* REQUIREMENT *
Without the images, set down each entry exactly.

* * * * *

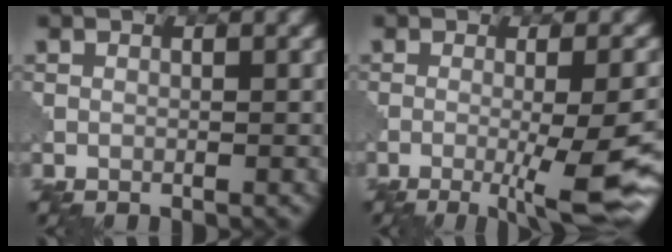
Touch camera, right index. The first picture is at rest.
{"total": 9.2, "force": [-3.2, 1.8, 8.4], "torque": [-0.114, -0.005, -0.043]}
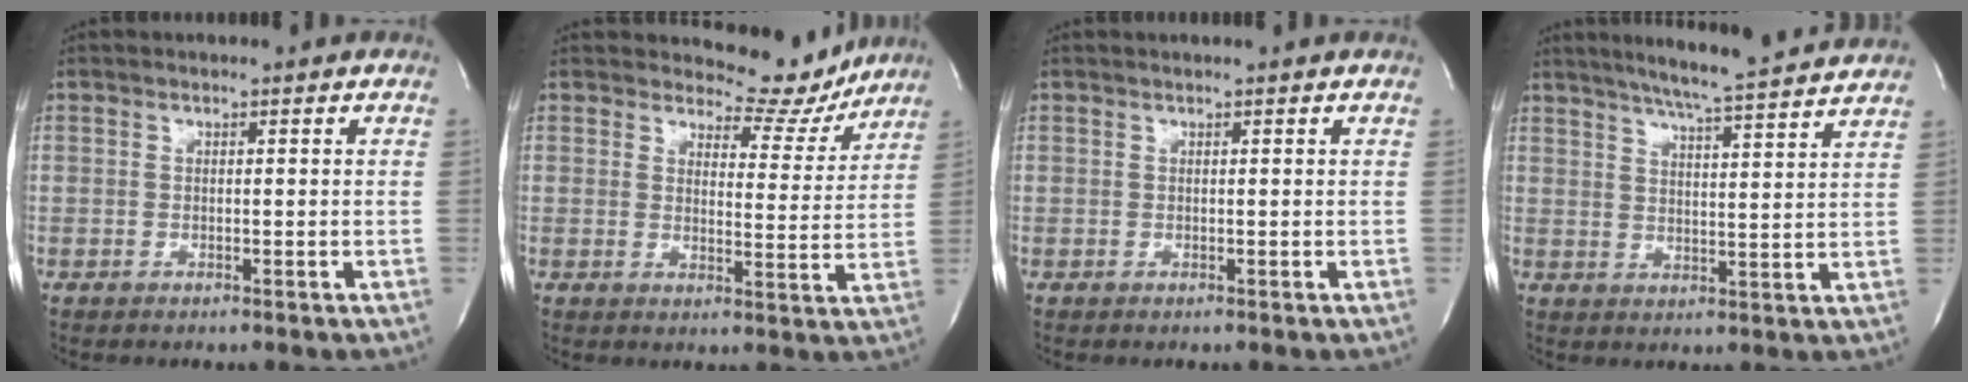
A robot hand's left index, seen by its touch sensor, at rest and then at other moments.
{"total": 7.9, "force": [7.5, 2.4, 0.3], "torque": [0.005, -0.026, 0.089]}
{"total": 0.9, "force": [0.8, -0.1, 0.2], "torque": [-0.007, 0.004, 0.015]}
{"total": 14.7, "force": [13.2, -0.2, 6.5], "torque": [-0.110, 0.002, 0.175]}

* * * * *

* THE ANSWER *
Touch camera, right index. The first picture is at rest.
{"total": 9.2, "force": [-3.2, 1.8, 8.4], "torque": [-0.114, -0.005, -0.043]}
A robot hand's left index, seen by its touch sensor, at rest and then at other moments.
{"total": 7.9, "force": [7.5, 2.4, 0.3], "torque": [0.005, -0.026, 0.089]}
{"total": 0.9, "force": [0.8, -0.1, 0.2], "torque": [-0.007, 0.004, 0.015]}
{"total": 14.7, "force": [13.2, -0.2, 6.5], "torque": [-0.110, 0.002, 0.175]}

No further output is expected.